This problem is a one-dimensional instance of the k-medians problem, which can be stated as follows. Given a set of points x_1...x_n, partition these points into k sets S_1...S_k and choose k locations y_1...y_k in a way that minimizes the sum over all x_i of |x_i - y_f(i)|, where y_f(i) is the location corresponding of the set to which x_i is assigned.

Due to the fact that the median is the population minimizer for absolute distance (i.e. L_1 norm), it follows that each location y_j will be the median of the elements x in the corresponding set S_j (hence the name k-medians). Since you are looking at integer values, there is the technicality that if S_j contains an even number of elements, the median might not be an integer, but in such cases choosing either the next integer above or below the median will give the same sum of absolute distances.

The standard heuristic for solving k-medians (and the related and more common k-means problem) is iterative, but this is not guaranteed to produce an optimal or even good solution. Solving the k-medians problem for general metric spaces is NP-hard, and finding efficient approximations for k-medians is an open research problem. Googling "k-medians approximation", for example, will lead to a bunch of papers giving approximation schemes. http://www.cis.upenn.edu/~sudipto/mypapers/kmedian_jcss.pdf http://graphics.stanford.edu/courses/cs468-06-winter/Papers/arr-clustering.pdf

In one dimension things become easier, and you can use a dynamic programming approach. A DP solution to the related one-dimensional k-means problem is described in this paper, and the source code in R is available here.
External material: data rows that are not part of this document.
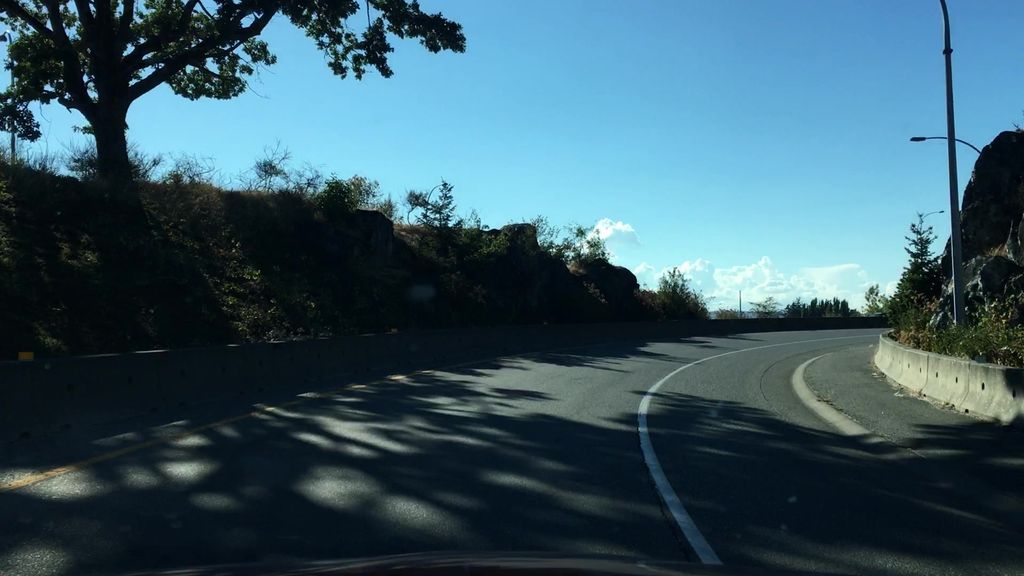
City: victoria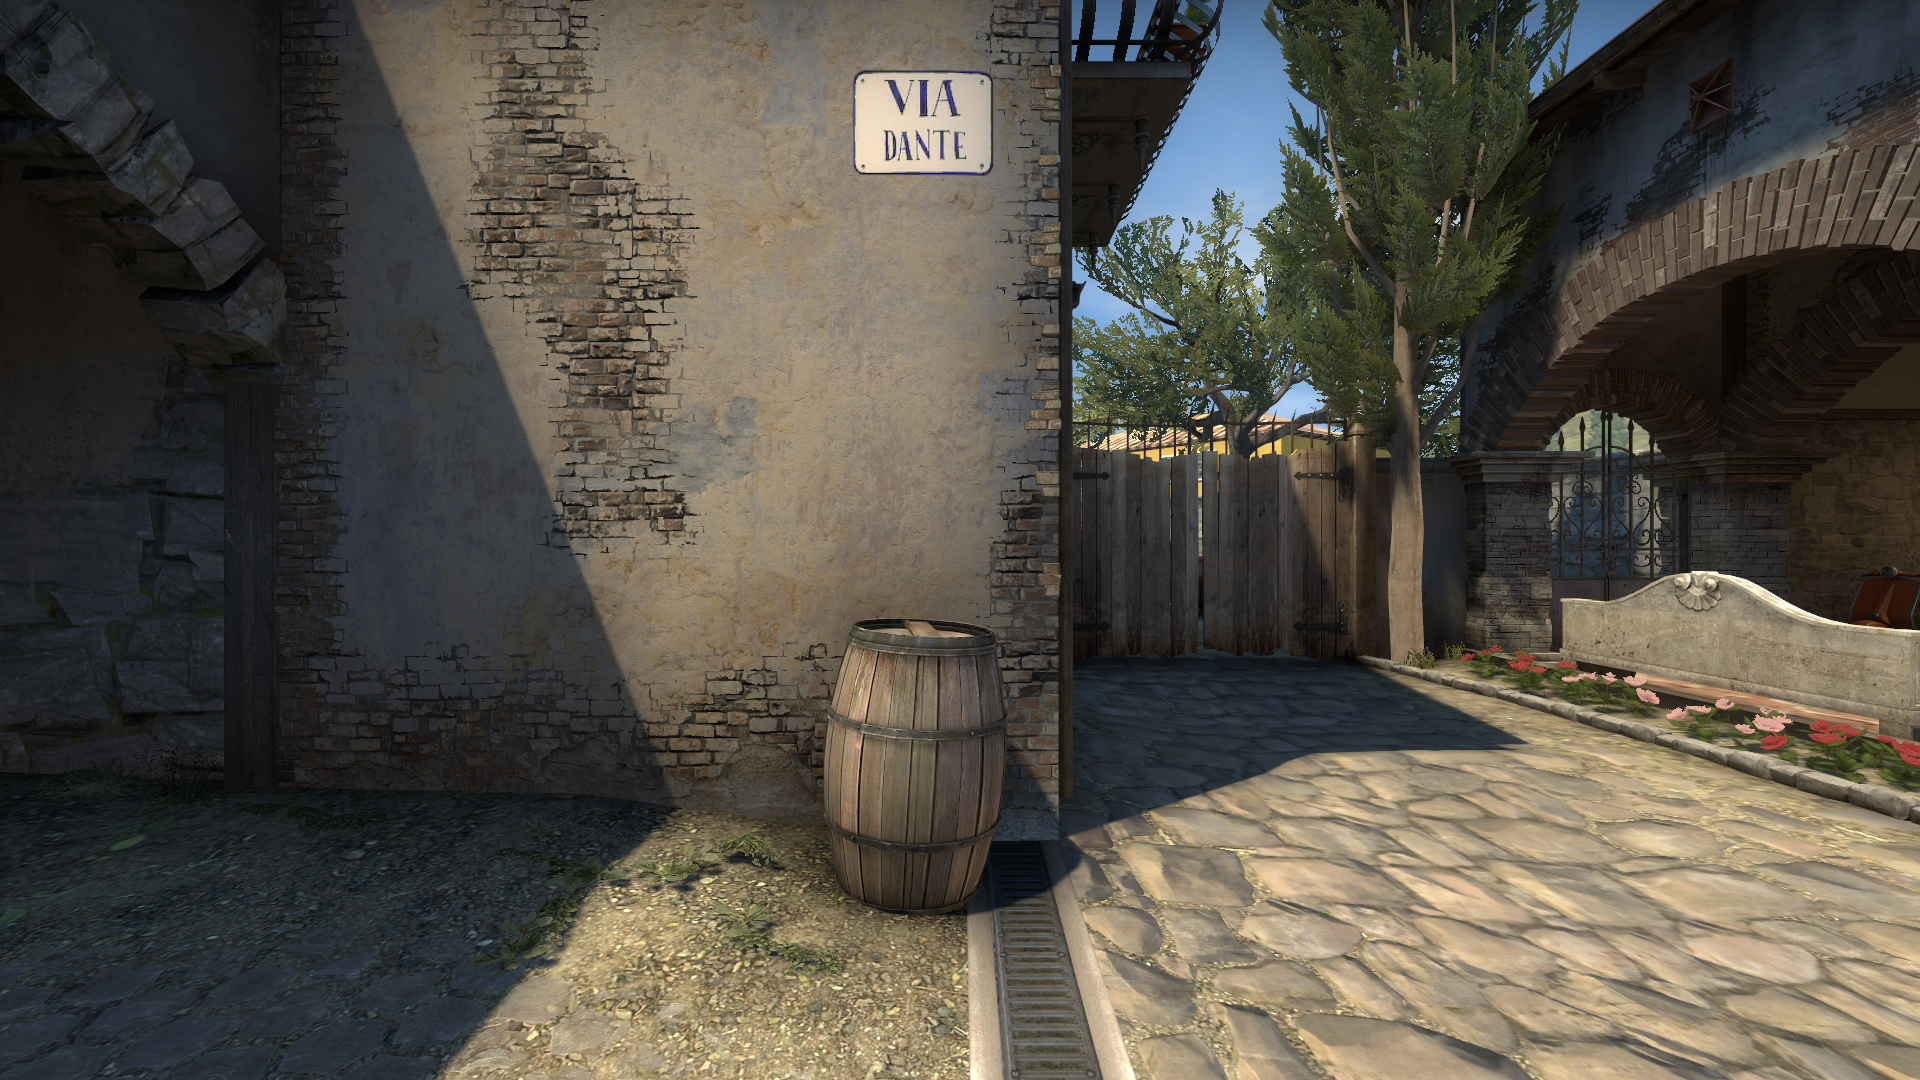
Map: de_inferno
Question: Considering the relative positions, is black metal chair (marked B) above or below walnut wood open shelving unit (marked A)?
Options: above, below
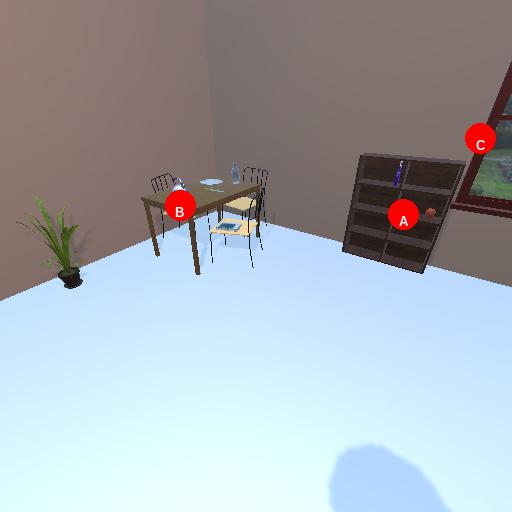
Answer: above
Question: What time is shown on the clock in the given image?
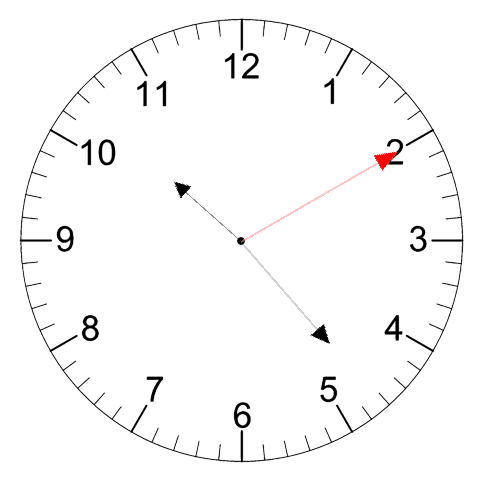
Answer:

See the paper for details, but the idea is essentially the same as what @SajalJain proposed, and can easily be adapted to solve the k-medians problem rather than k-means. For j<=k and m<=n let D(j,m) denote the cost of an optimal j-medians solution to x_1...x_m, where the x_i are assumed to be in sorted order. We have the recurrence

D(j,m) = min (D(j-1,q) + Cost(x_{q+1},...,x_m)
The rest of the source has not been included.